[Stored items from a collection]
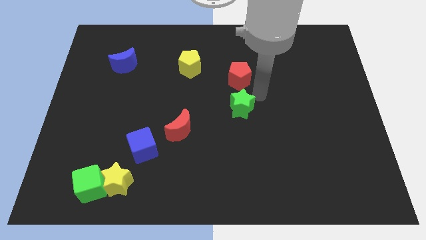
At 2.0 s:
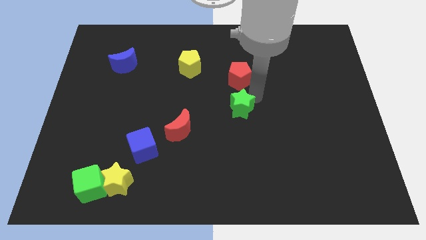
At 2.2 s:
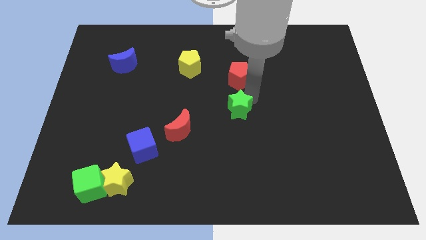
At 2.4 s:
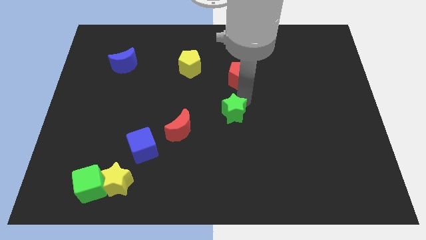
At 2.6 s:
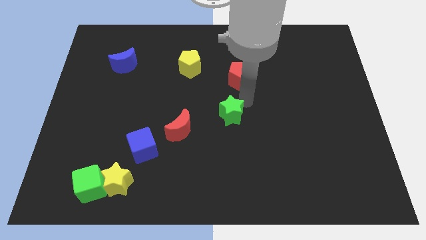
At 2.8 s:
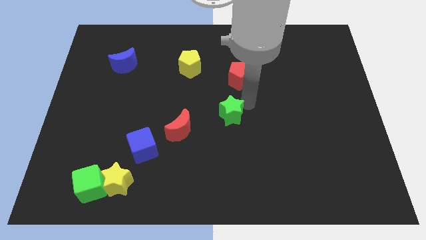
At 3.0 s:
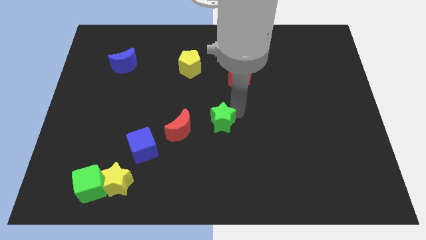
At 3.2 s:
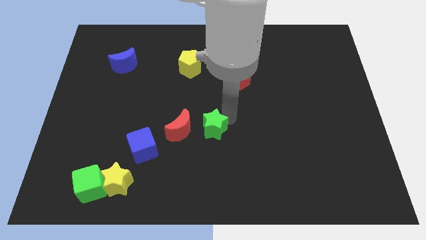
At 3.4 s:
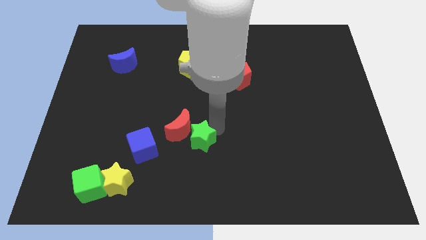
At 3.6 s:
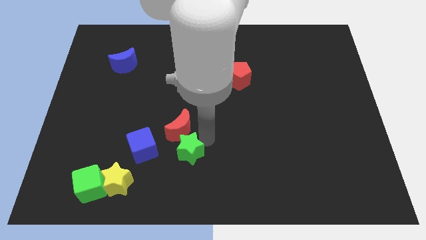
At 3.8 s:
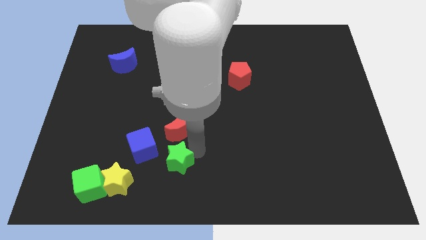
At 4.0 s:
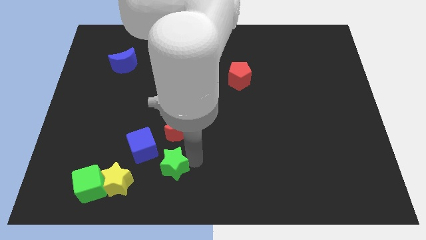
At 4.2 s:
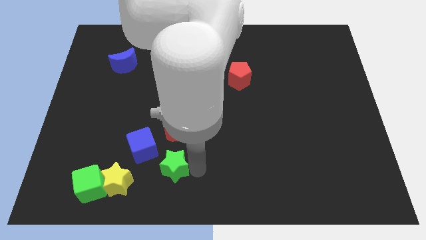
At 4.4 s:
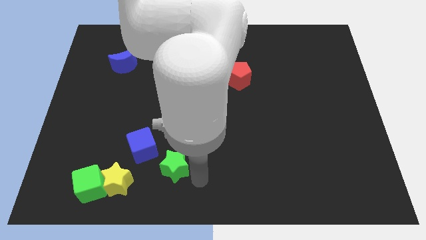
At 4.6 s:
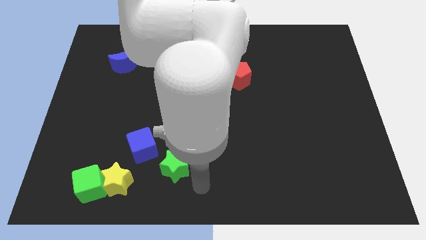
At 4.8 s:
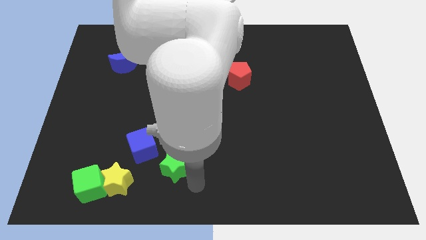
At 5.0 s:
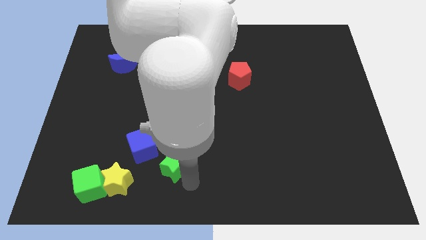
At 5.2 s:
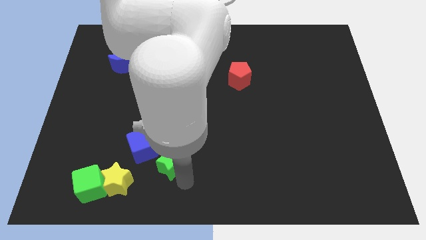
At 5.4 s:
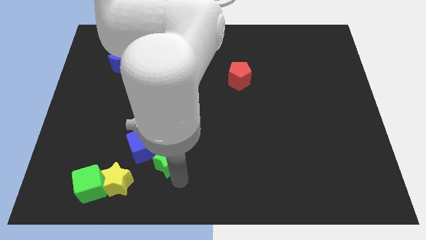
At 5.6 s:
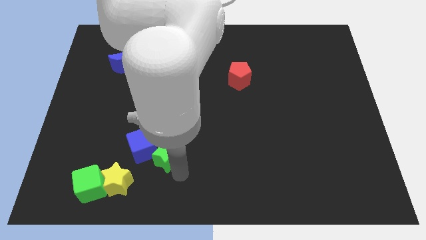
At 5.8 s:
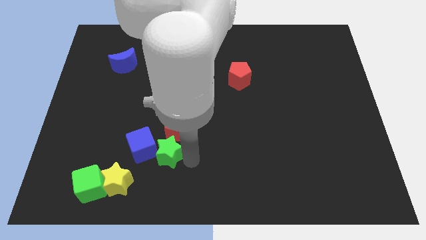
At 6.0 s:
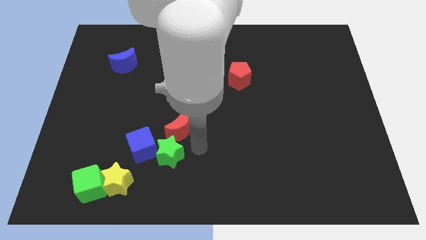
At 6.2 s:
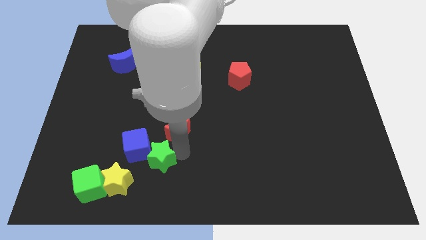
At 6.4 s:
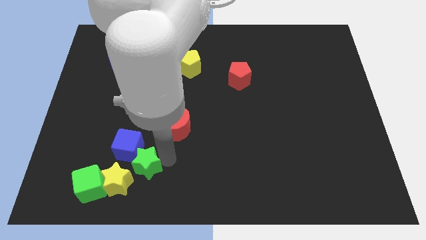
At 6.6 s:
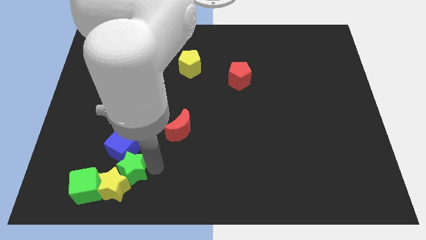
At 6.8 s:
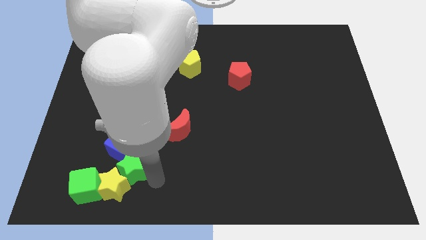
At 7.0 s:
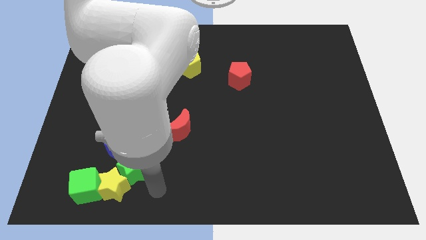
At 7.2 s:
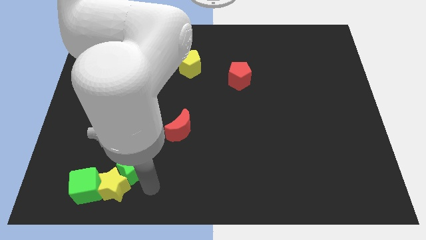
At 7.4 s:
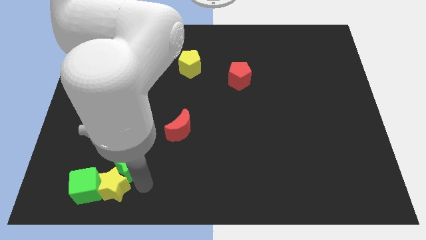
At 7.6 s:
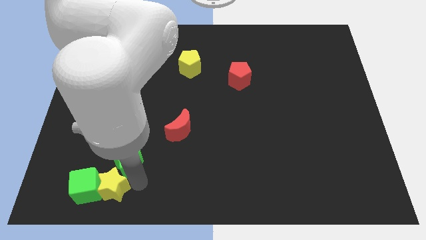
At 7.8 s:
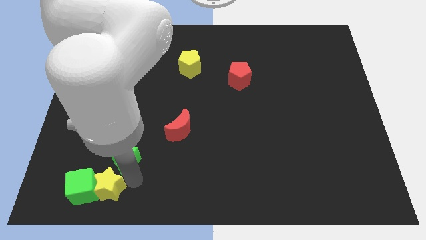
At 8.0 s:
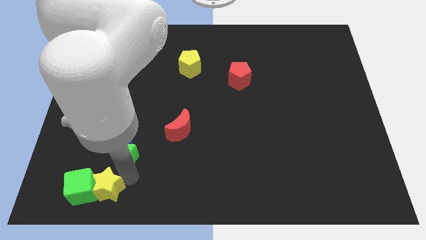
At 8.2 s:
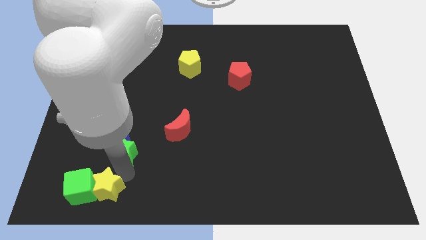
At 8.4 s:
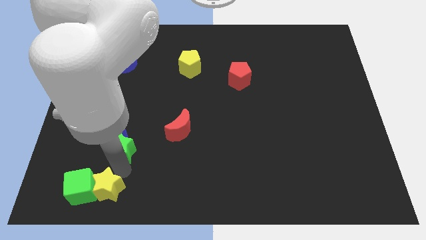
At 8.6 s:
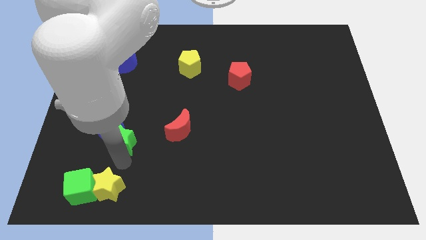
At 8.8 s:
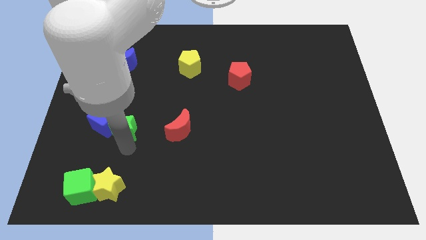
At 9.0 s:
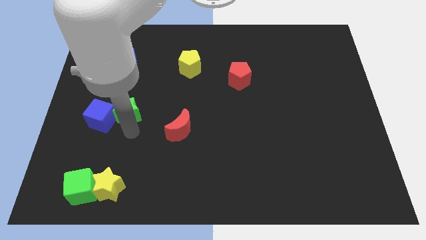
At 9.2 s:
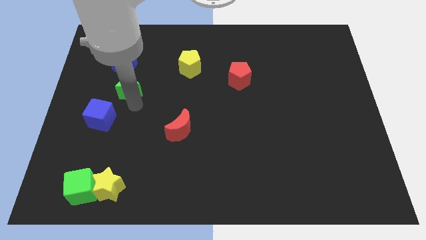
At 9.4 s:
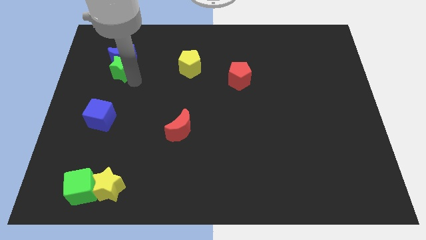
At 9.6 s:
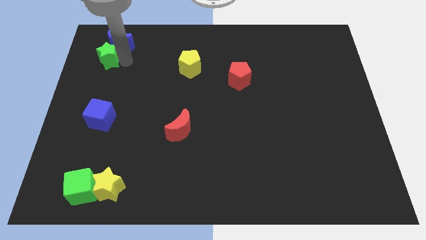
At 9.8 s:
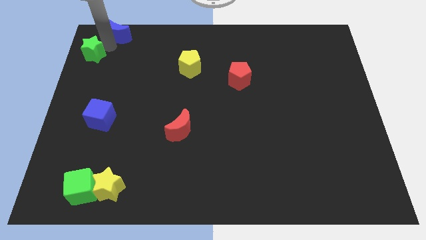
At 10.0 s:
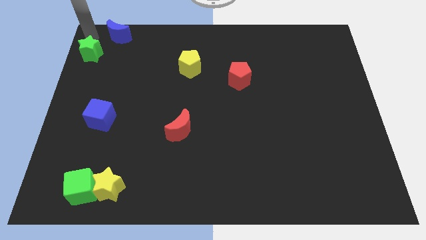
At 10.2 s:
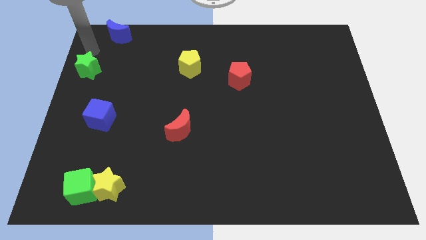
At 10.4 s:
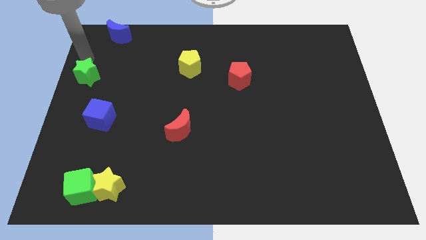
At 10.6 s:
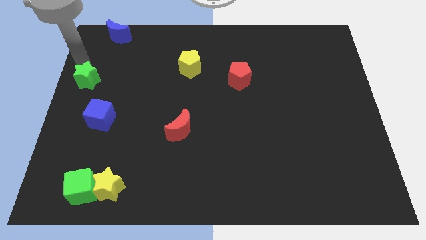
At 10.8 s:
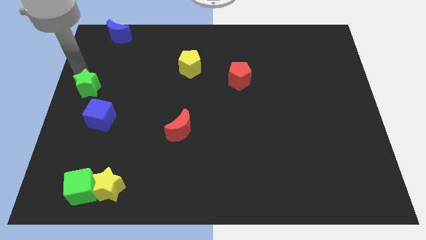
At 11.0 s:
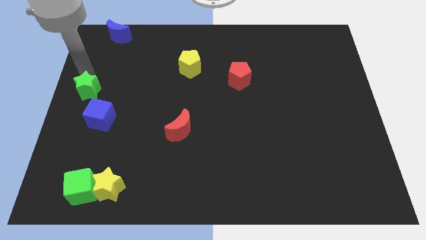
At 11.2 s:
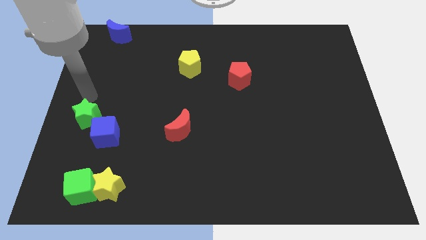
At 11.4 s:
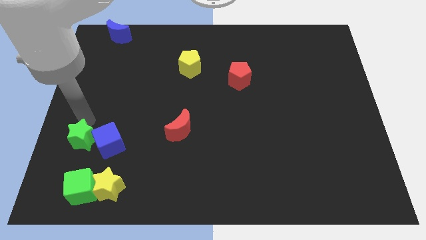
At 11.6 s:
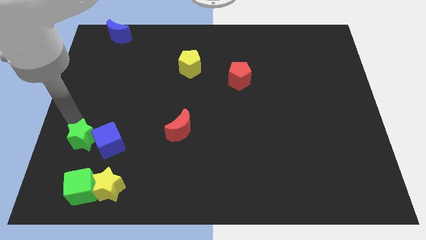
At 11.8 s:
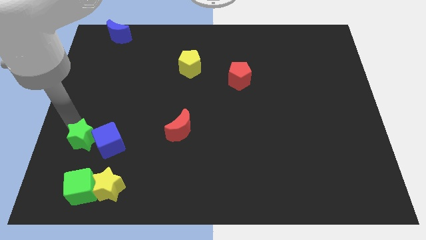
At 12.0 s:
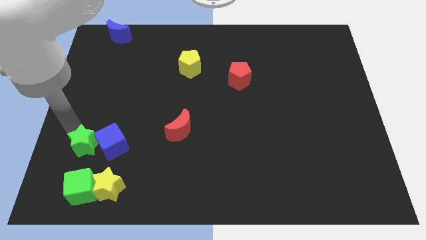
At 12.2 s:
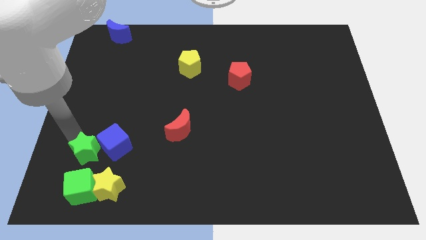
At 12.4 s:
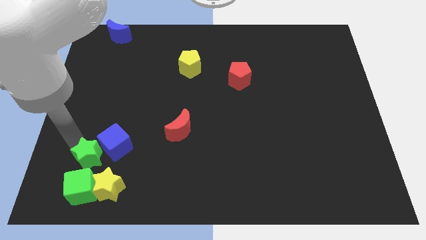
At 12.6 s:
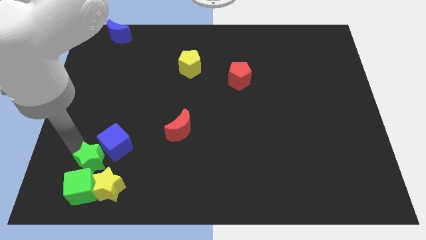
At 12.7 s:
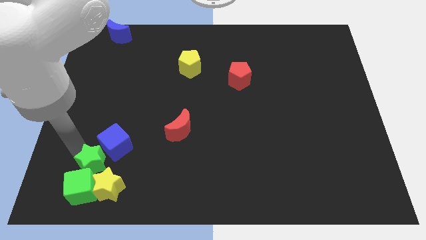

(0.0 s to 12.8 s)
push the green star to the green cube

> Try it
Repeat the records word for word and drop any pictures.

> Result for this task
At 2.0 s:
At 2.2 s:
At 2.4 s:
At 2.6 s:
At 2.8 s:
At 3.0 s:
At 3.2 s:
At 3.4 s:
At 3.6 s:
At 3.8 s:
At 4.0 s:
At 4.2 s:
At 4.4 s:
At 4.6 s:
At 4.8 s:
At 5.0 s:
At 5.2 s:
At 5.4 s:
At 5.6 s:
At 5.8 s:
At 6.0 s:
At 6.2 s:
At 6.4 s:
At 6.6 s:
At 6.8 s:
At 7.0 s:
At 7.2 s:
At 7.4 s:
At 7.6 s:
At 7.8 s:
At 8.0 s:
At 8.2 s:
At 8.4 s:
At 8.6 s:
At 8.8 s:
At 9.0 s:
At 9.2 s:
At 9.4 s:
At 9.6 s:
At 9.8 s:
At 10.0 s:
At 10.2 s:
At 10.4 s:
At 10.6 s:
At 10.8 s:
At 11.0 s:
At 11.2 s:
At 11.4 s:
At 11.6 s:
At 11.8 s:
At 12.0 s:
At 12.2 s:
At 12.4 s:
At 12.6 s:
At 12.7 s:

(0.0 s to 12.8 s)
push the green star to the green cube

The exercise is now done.